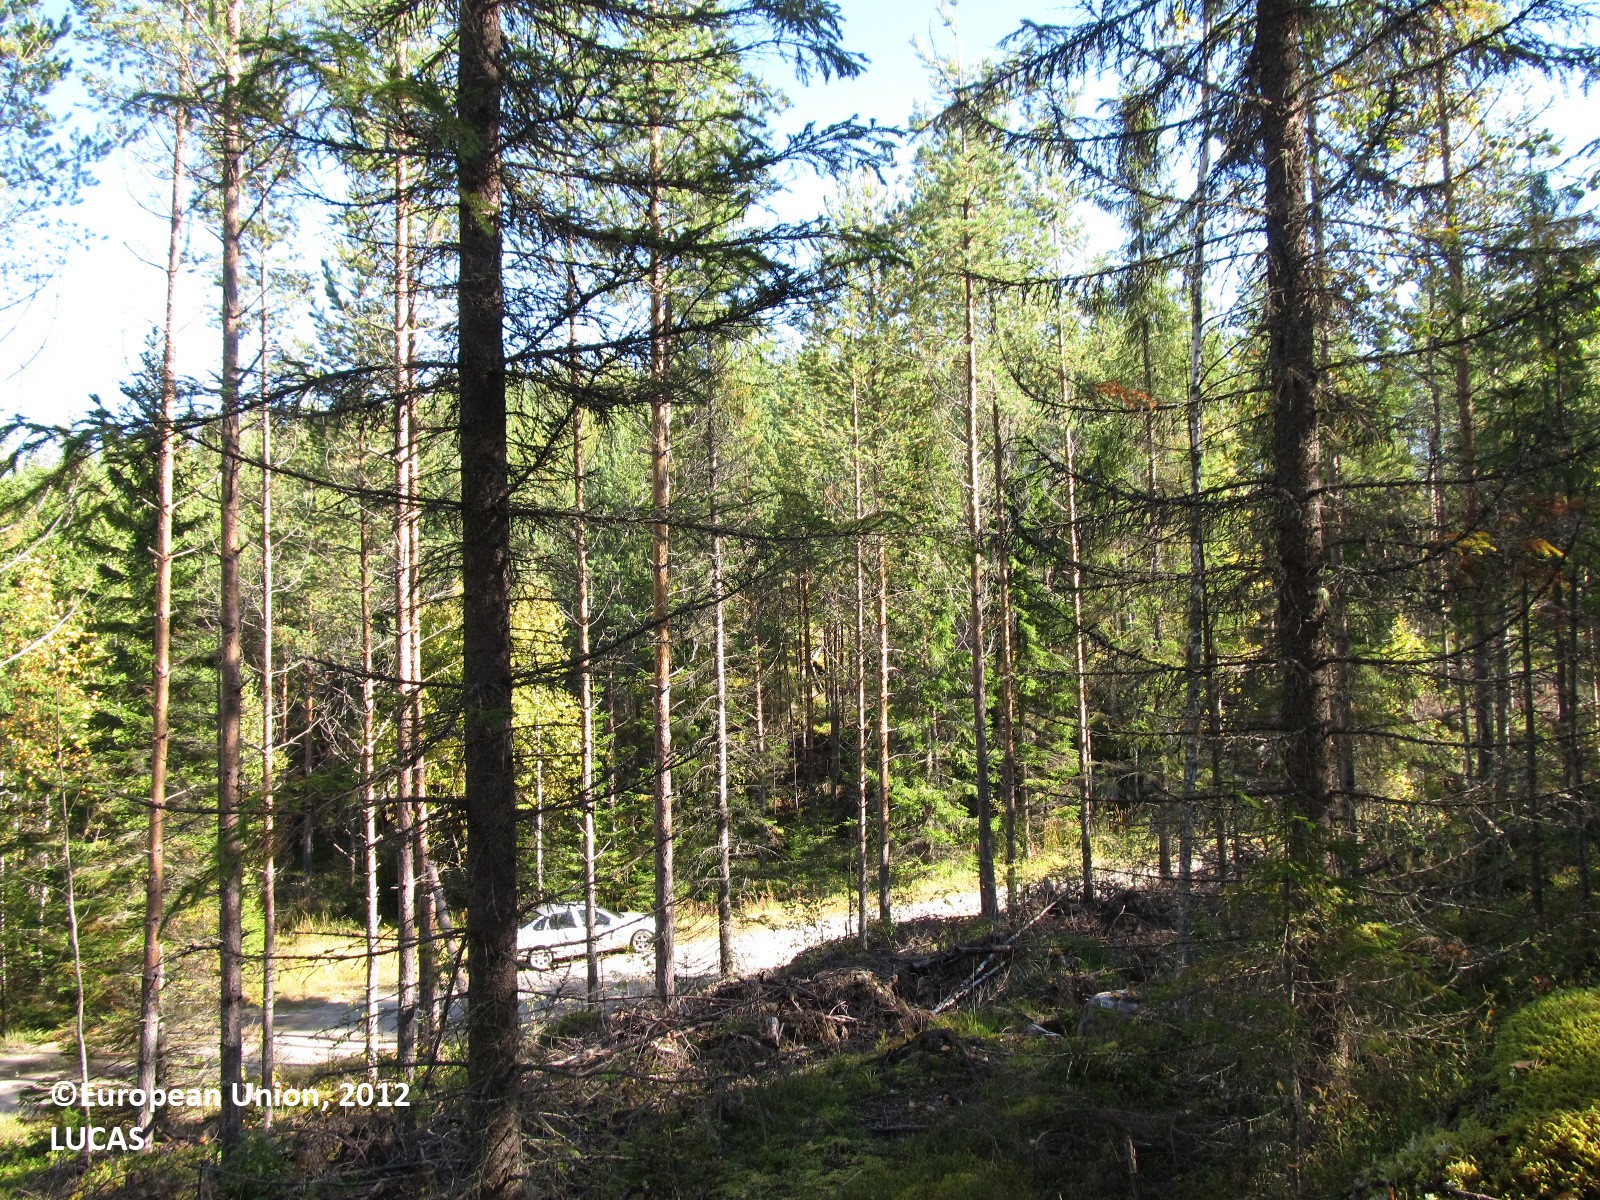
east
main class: Woodland
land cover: Other coniferous woodland
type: boreal forest
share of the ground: 50 - 75 %
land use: Forestry
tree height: > 5 m
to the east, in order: Other coniferous woodland; Ditches and canals; Paved roads, cycling and walking lanes; Ditches and canals; Pine dominated coniferous woodland; Pine dominated mixed woodland
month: September
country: FI
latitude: 62.4478
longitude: 28.5554
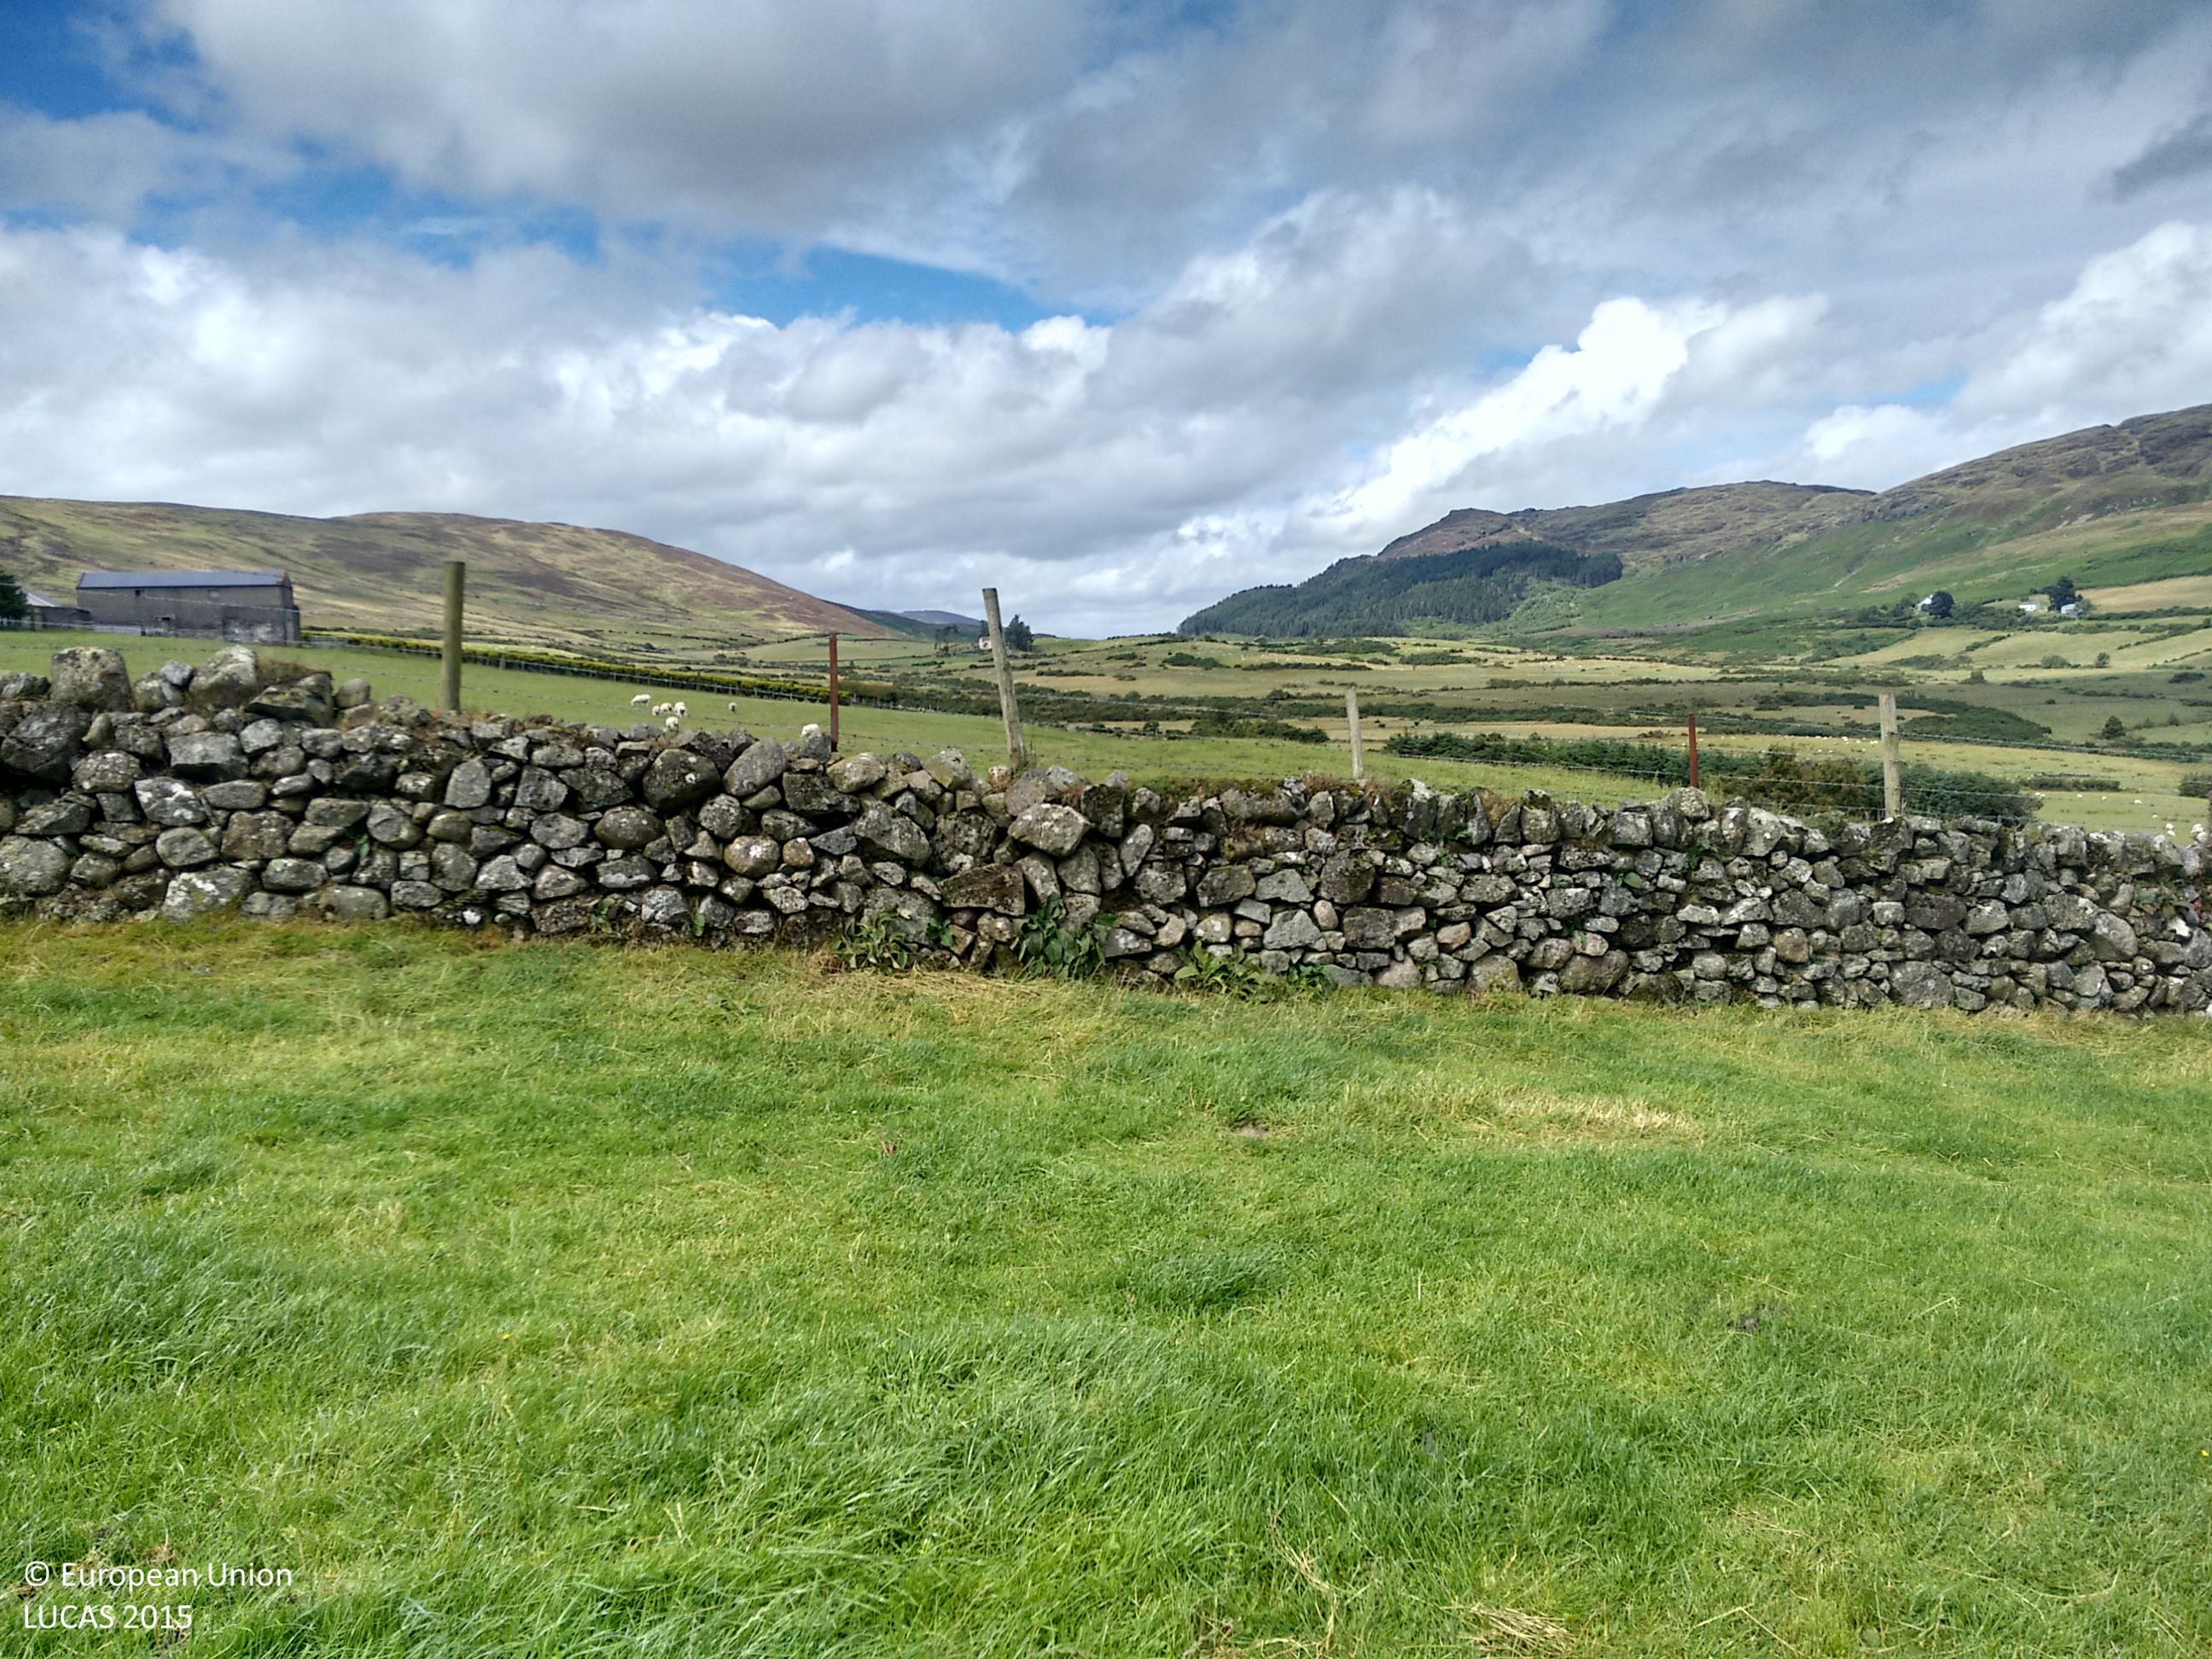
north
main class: Grassland
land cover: Grassland without tree/shrub cover
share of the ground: > 75 %
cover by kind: herbaceous plants 100 %
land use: Agriculture (excluding fallow land and kitchen gardens)
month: August
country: IE
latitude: 54.0374
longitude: -6.2582
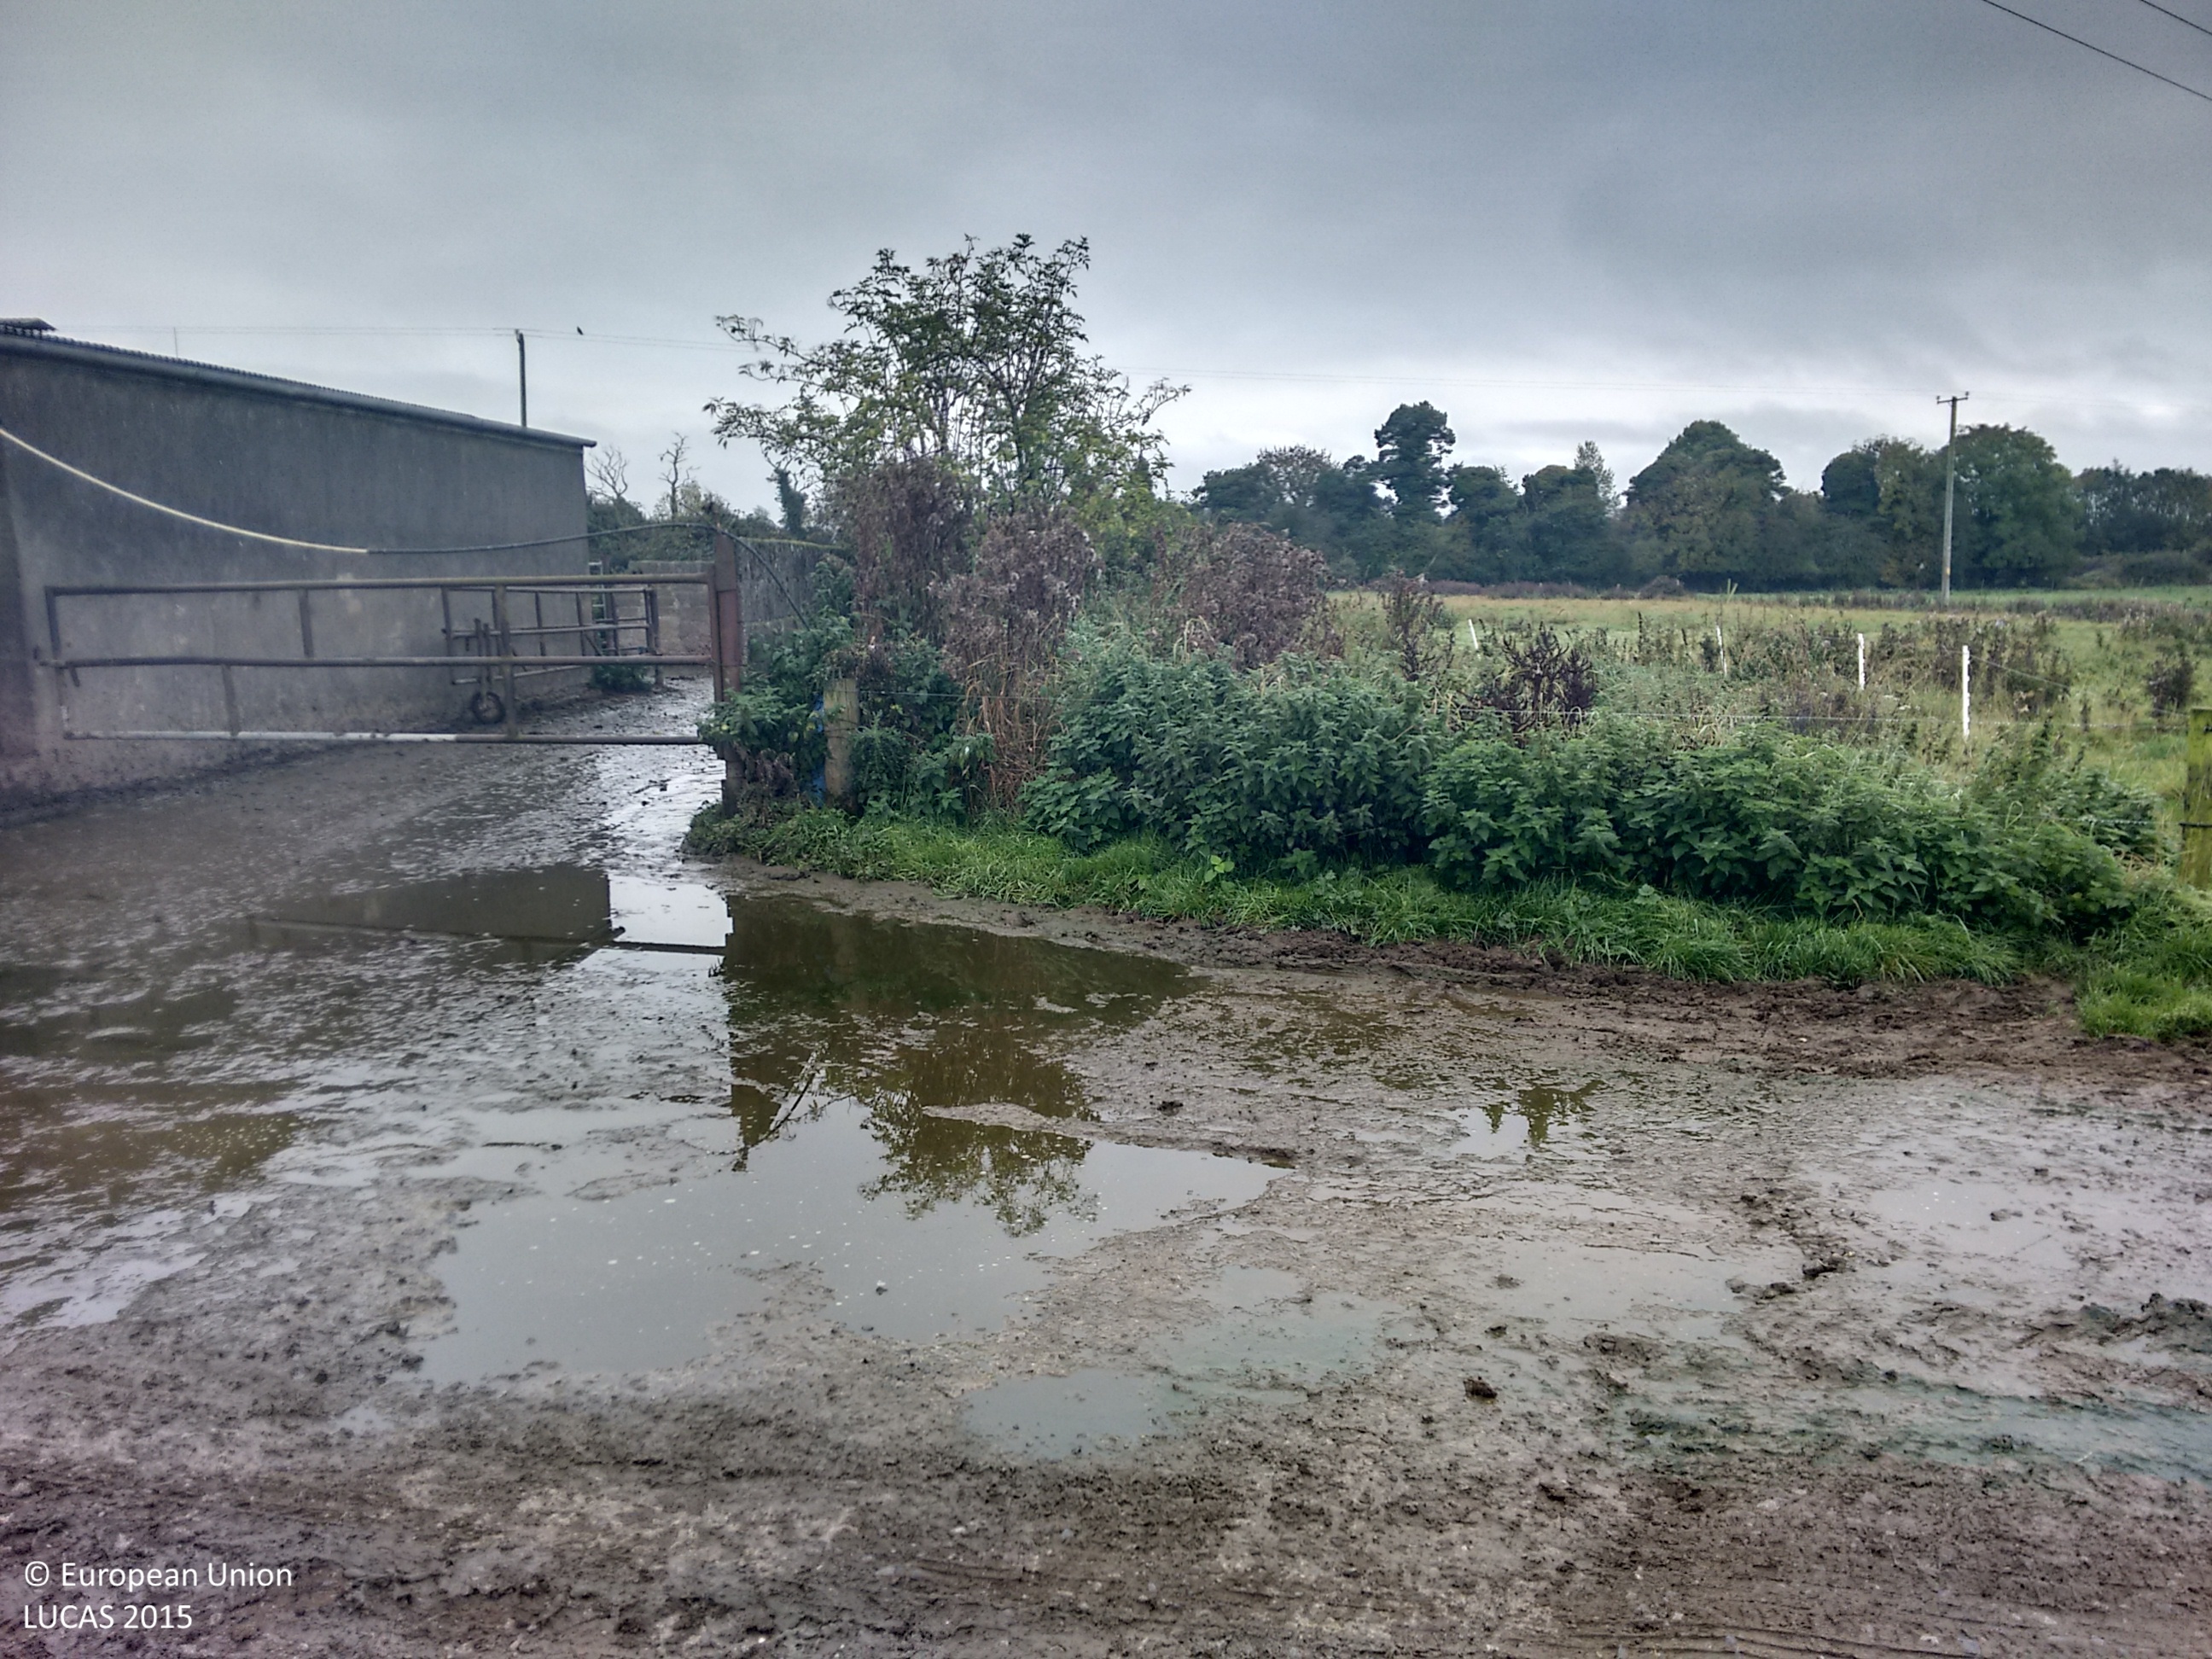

━━━━━━━━━━━━━━━━

→ INSTRUCTIONS TO FOLLOW: Each line of the data above that contains the word "ground" counts once; report the total and add nothing.

→ ANSWER TO THIS PROBLEM: 2